# Why no gender icon in new site



## Pudsey_Bear (Sep 25, 2008)

No comment, (not allowed it seems > > ) but we used to have it, and I tend to forget the gender of some usernames, so it was useful sometimes to know as the reply might differ for those of the girl persuasion.

I suppose some idiot will ask why it makes a difference :roll:


----------



## greygit (Apr 15, 2007)

Kev_n_Liz said:


> No comment, (not allowed it seems > > ) but we used to have it, and I tend to forget the gender of some usernames, so it was useful sometimes to know as the reply might differ for those of the girl persuasion.
> 
> I suppose some idiot will ask why it makes a difference :roll:


 What difference does it make? :wink2:


----------



## HermanHymer (Dec 5, 2008)

It might remind some posters not to speak to women like they are blokes. 
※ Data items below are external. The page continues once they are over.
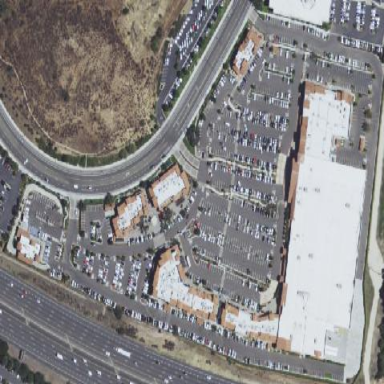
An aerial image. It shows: Retail area.
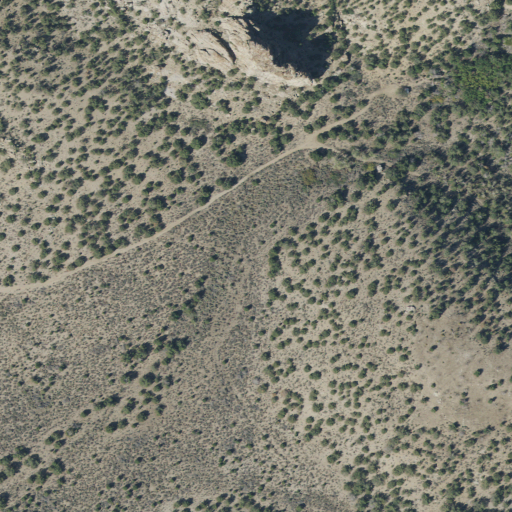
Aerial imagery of valley in Utah named Burned Canyon containing shrub and evergreen forest
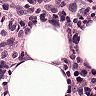
Metastatic tissue present: no
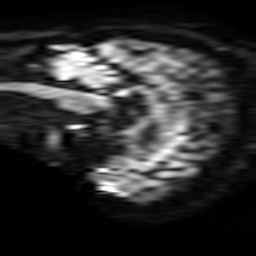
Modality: TRACE
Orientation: sagittal
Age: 38
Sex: female
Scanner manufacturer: philips
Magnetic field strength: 3 T
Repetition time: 4.089 s
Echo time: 0.06069 s
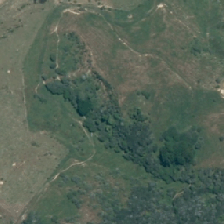
Land cover: broadleaved_indigenous_hardwood
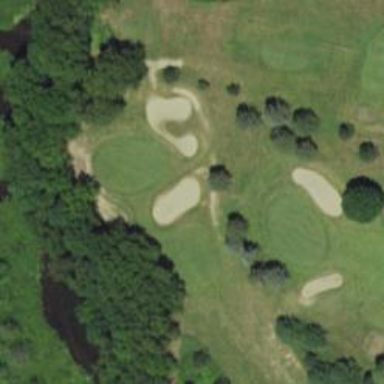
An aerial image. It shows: Scenic golf fairway.
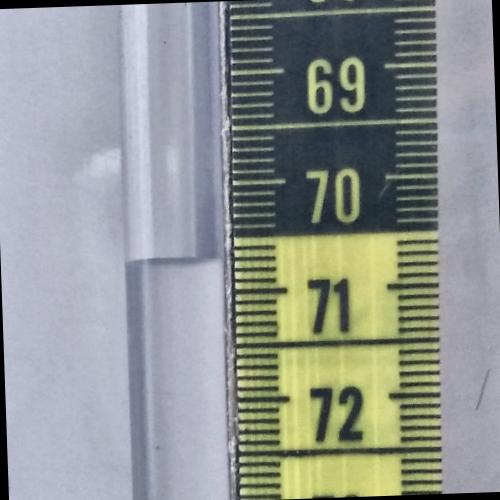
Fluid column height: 70.7 cm
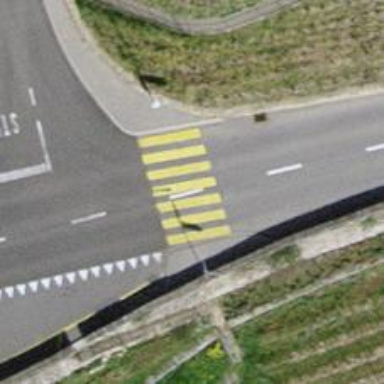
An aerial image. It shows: Zebra crossing on the road.
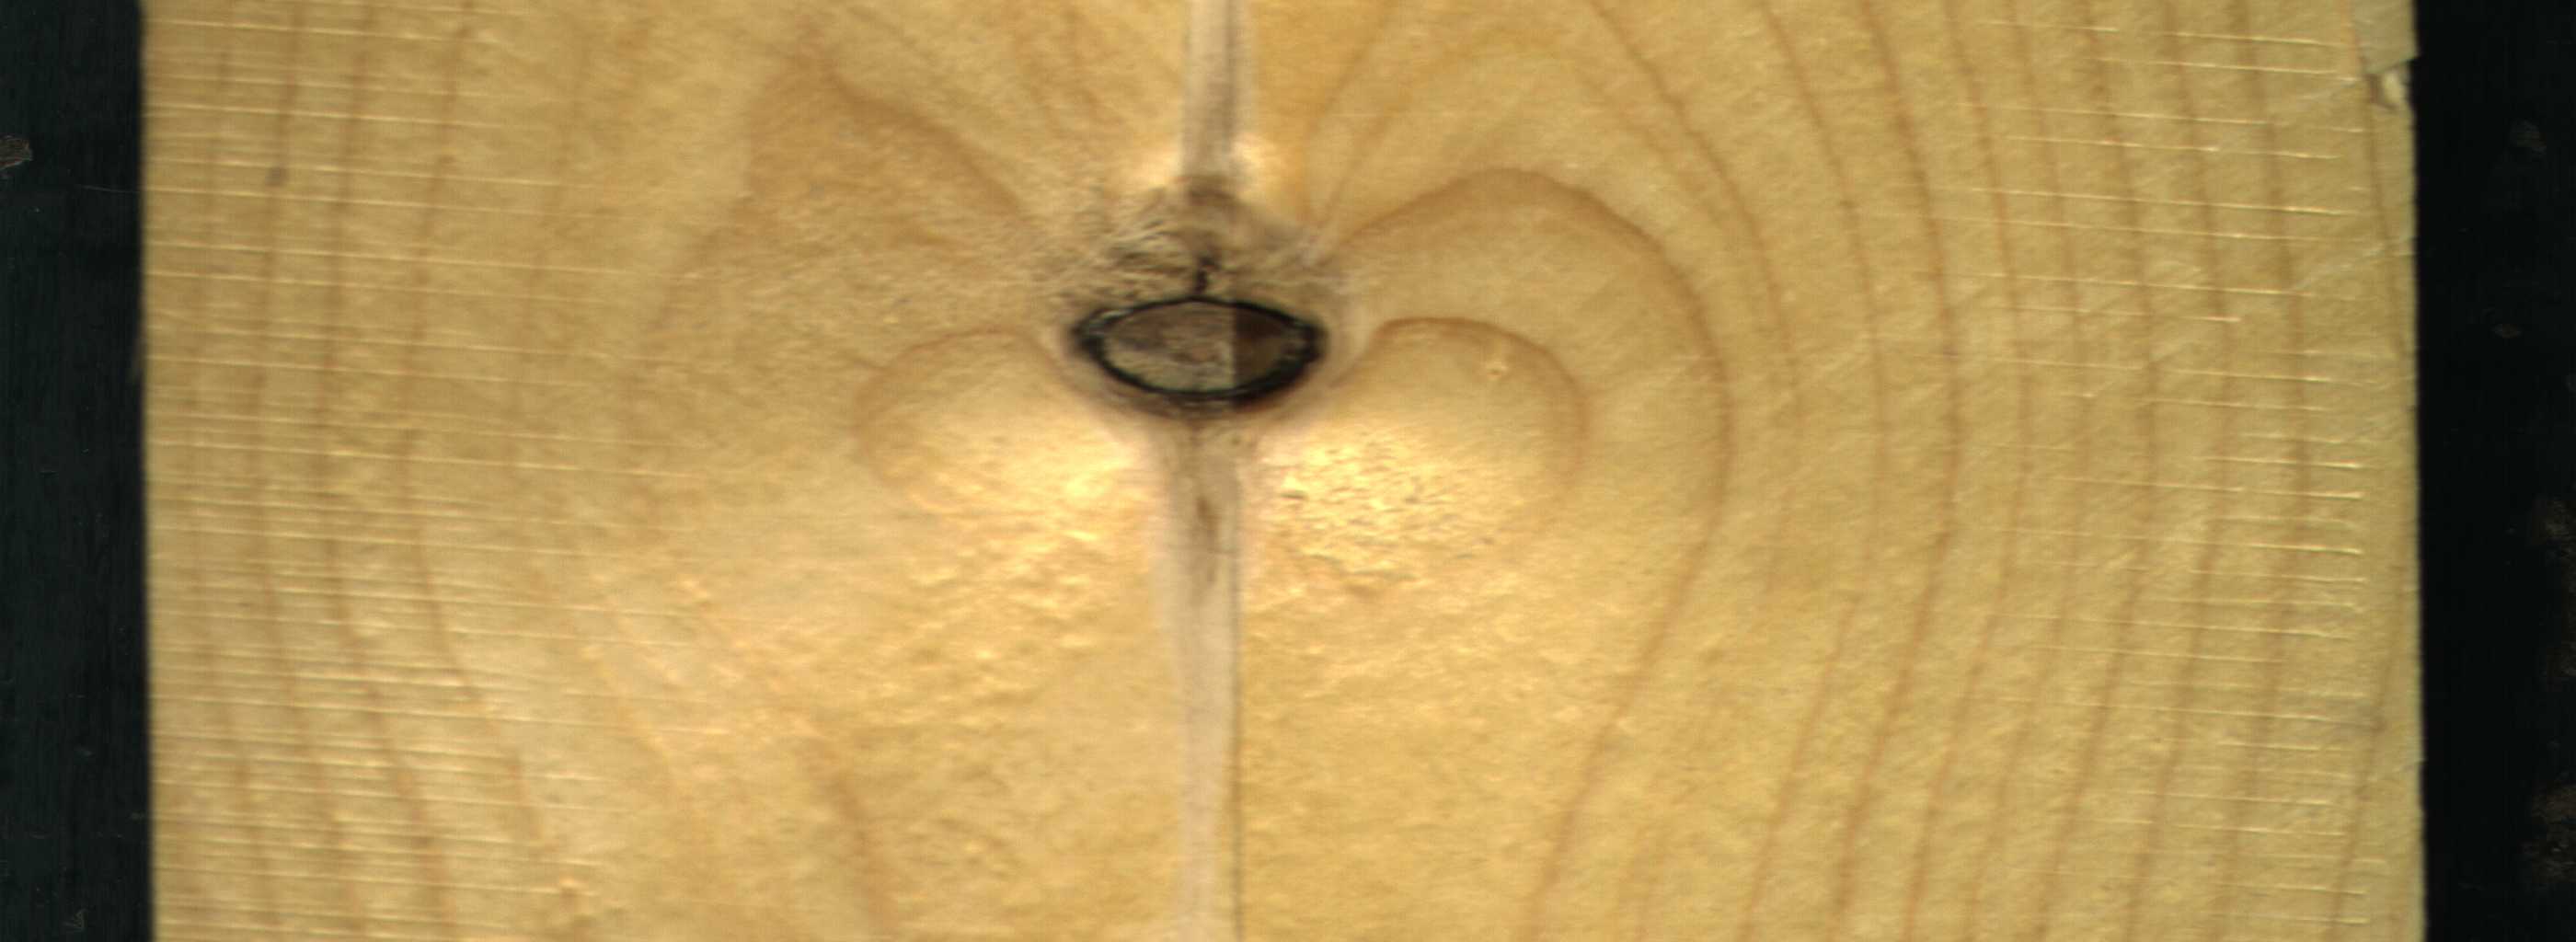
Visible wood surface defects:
Dead_Knot
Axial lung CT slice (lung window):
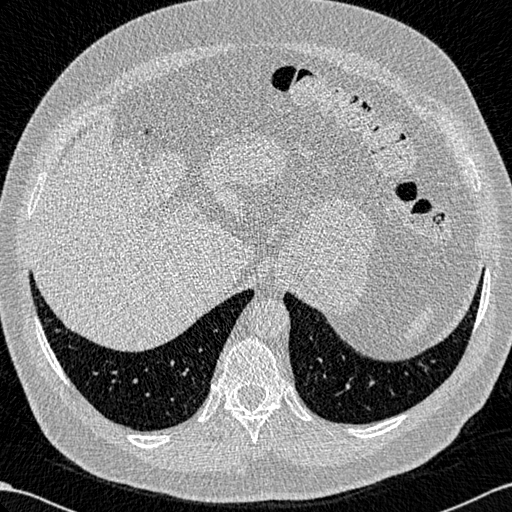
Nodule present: no
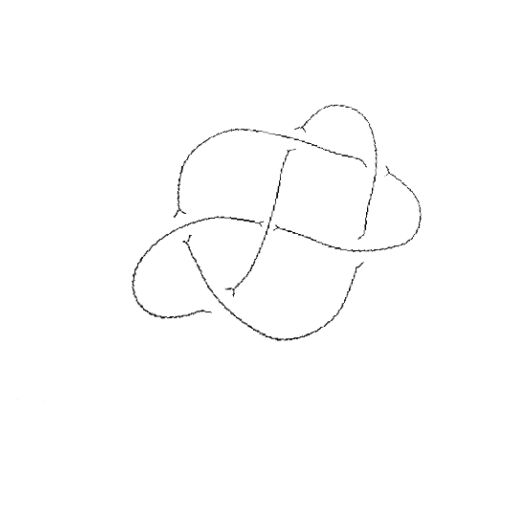
Crossing number: 6
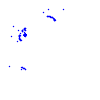
Particle: proton
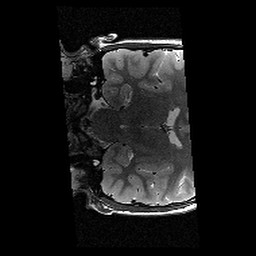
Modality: T2w
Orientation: coronal
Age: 12
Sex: female
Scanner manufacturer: siemens
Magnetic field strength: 3 T
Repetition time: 8.46 s
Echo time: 0.067 s
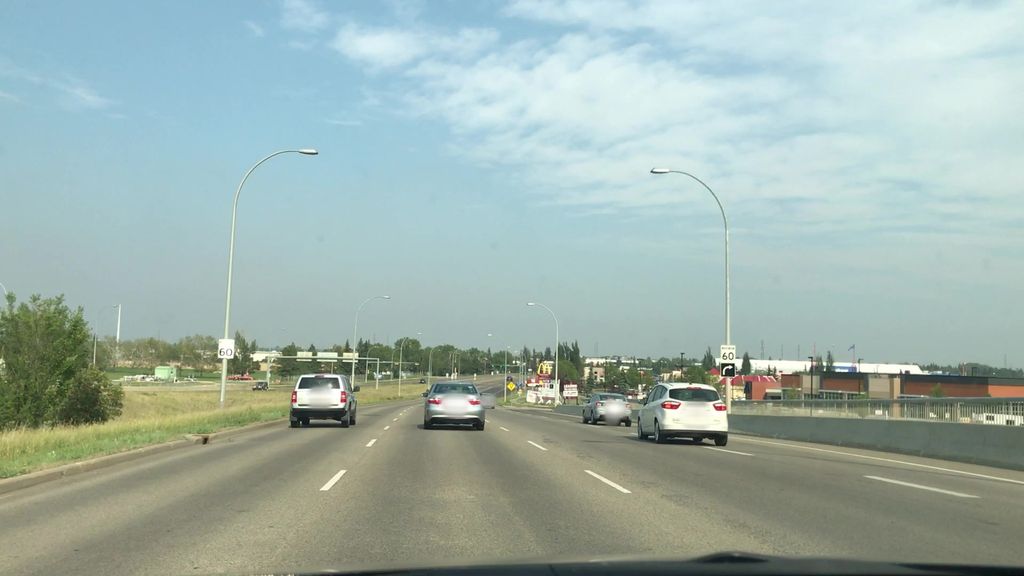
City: edmonton
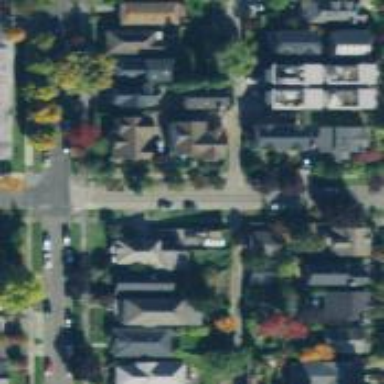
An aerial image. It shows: Alley classified as service road.
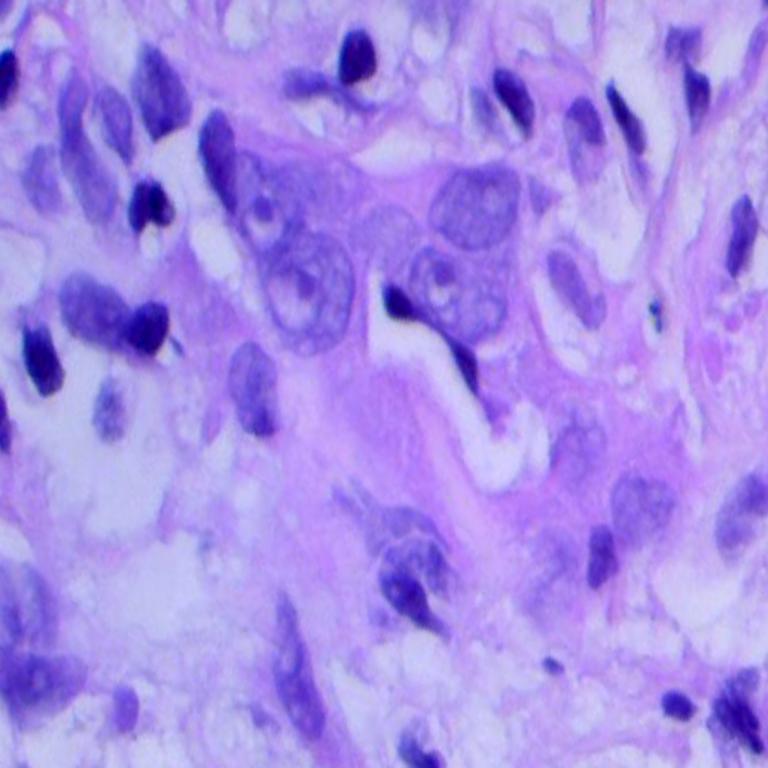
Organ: lung
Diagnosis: adenocarcinomas
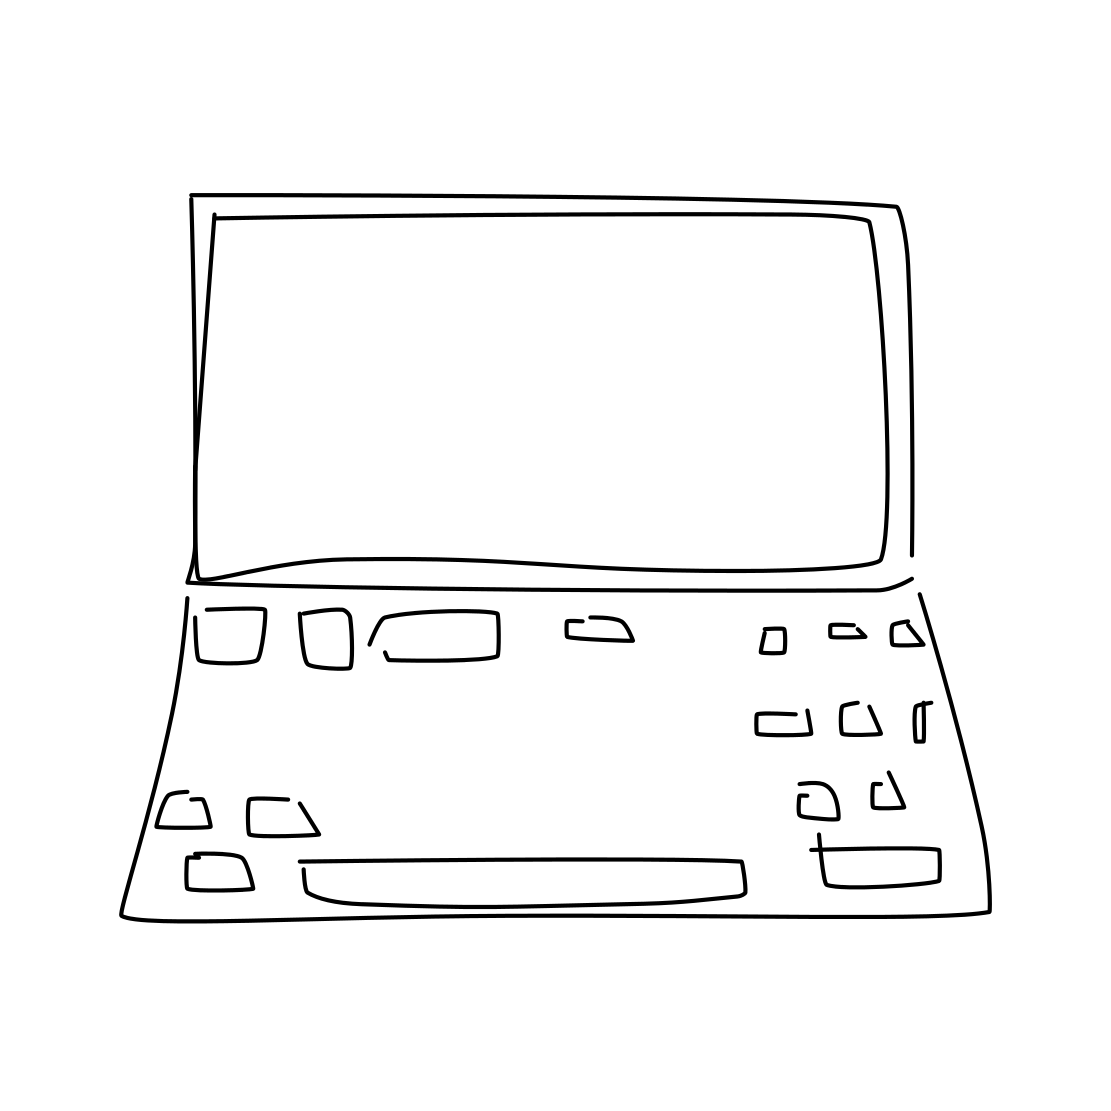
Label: laptop
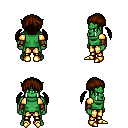
a pixel art fantasy rpg character, male body template, orc, green skin, gold arm armor, gold greaves, brown twin-tailed hairstyle, leather bracers, gold boots, four views (front, back, left, right), 2x2 character sprite sheet, small pixel art, hard edges, no anti-aliasing
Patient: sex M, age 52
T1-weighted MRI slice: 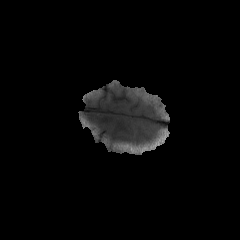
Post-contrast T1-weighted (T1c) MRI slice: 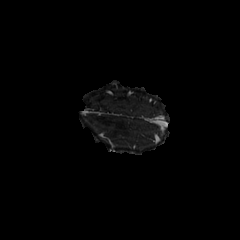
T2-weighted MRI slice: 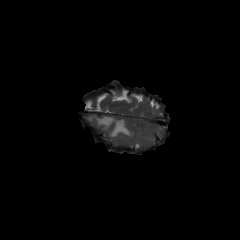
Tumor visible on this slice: yes
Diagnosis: Glioblastoma, IDH-wildtype
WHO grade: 4
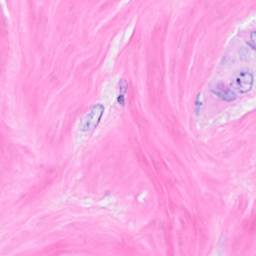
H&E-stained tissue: Breast
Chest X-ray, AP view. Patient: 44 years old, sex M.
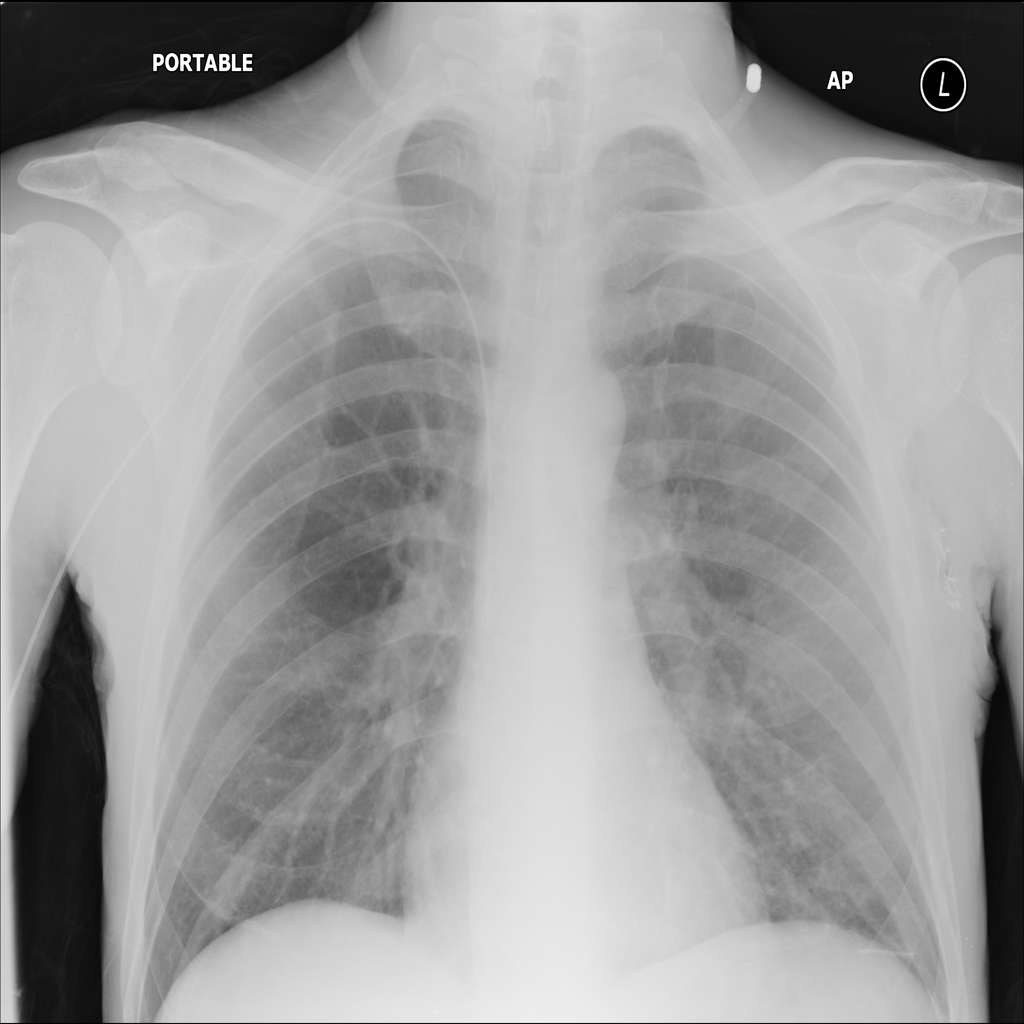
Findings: No Finding
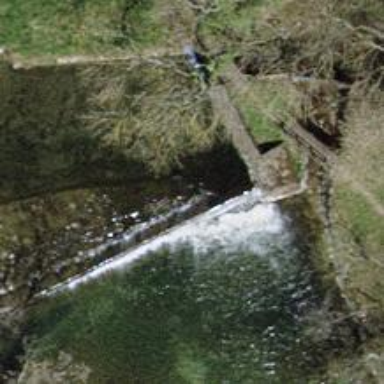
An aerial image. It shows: Weir in waterway.
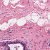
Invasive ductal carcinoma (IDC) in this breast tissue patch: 0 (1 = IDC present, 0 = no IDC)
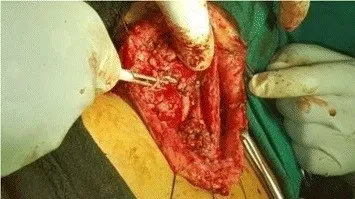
Accessory nerve.
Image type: medical_photograph (other_medical_photograph)
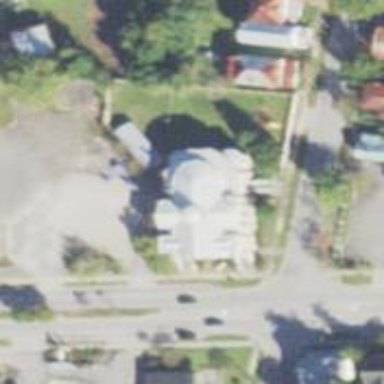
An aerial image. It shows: Place of worship.

Not that that deterred some persons (who shall remain anonymous) even when the icon was there!


----------



## daffodil (Aug 7, 2014)

HermanHymer said:


> It might remind some posters not to speak to women like they are blokes.
> 
> Not that that deterred some persons (who shall remain anonymous) even when the icon was there!


A very valid point, I actually did that when I first started, and was mortified to have made that mistake, I think the gender thing is important for newbies

but surely if we speak nicely to each other and dont swear and cuss all over the place it would make the site more comfortable for every one me included

as I hate bad language full stop :crying:


----------



## Pudsey_Bear (Sep 25, 2008)

greygit said:


> What difference does it make? :wink2:


Awww, I wanted an idiot, ah well you'll do 

Simple really, I was just about to comment on another thread "star man" then realised I hadn't a clue which they were, so had to just say thank you.

Otherwise I treat each and everyone of you with the same lack of respect


----------



## Pudsey_Bear (Sep 25, 2008)

daffodil said:


> A very valid point, I actually did that when I first started, and was mortified to have made that mistake, I think the gender thing is important for newbies


It's important full stop, imagine the problems if we couldn't tell the difference elsewhere, the planet might stop revolving


----------



## raynipper (Aug 4, 2008)

Y'know, I have been a member for 7 years and never noticed any gender icon.!!
It took me a while to realise what the small crown was for. Being a creature of habit I just click the same box and off I go.

Ray.


----------



## EJB (Aug 25, 2007)

Which one is which....that is the question?:wink2:
As you see I am only a 'little' confused!:grin2:


----------



## Pudsey_Bear (Sep 25, 2008)

EJB said:


> Which one is which....that is the question?:wink2:
> As you see I am only a 'little' confused!:grin2:












Pink for the girls, but *it used to be for the boys many many years ago *

.


----------



## Spacerunner (Mar 18, 2006)

Judging by the spats I'd assumed the rest of you were all ladyboys anyway! :serious:


----------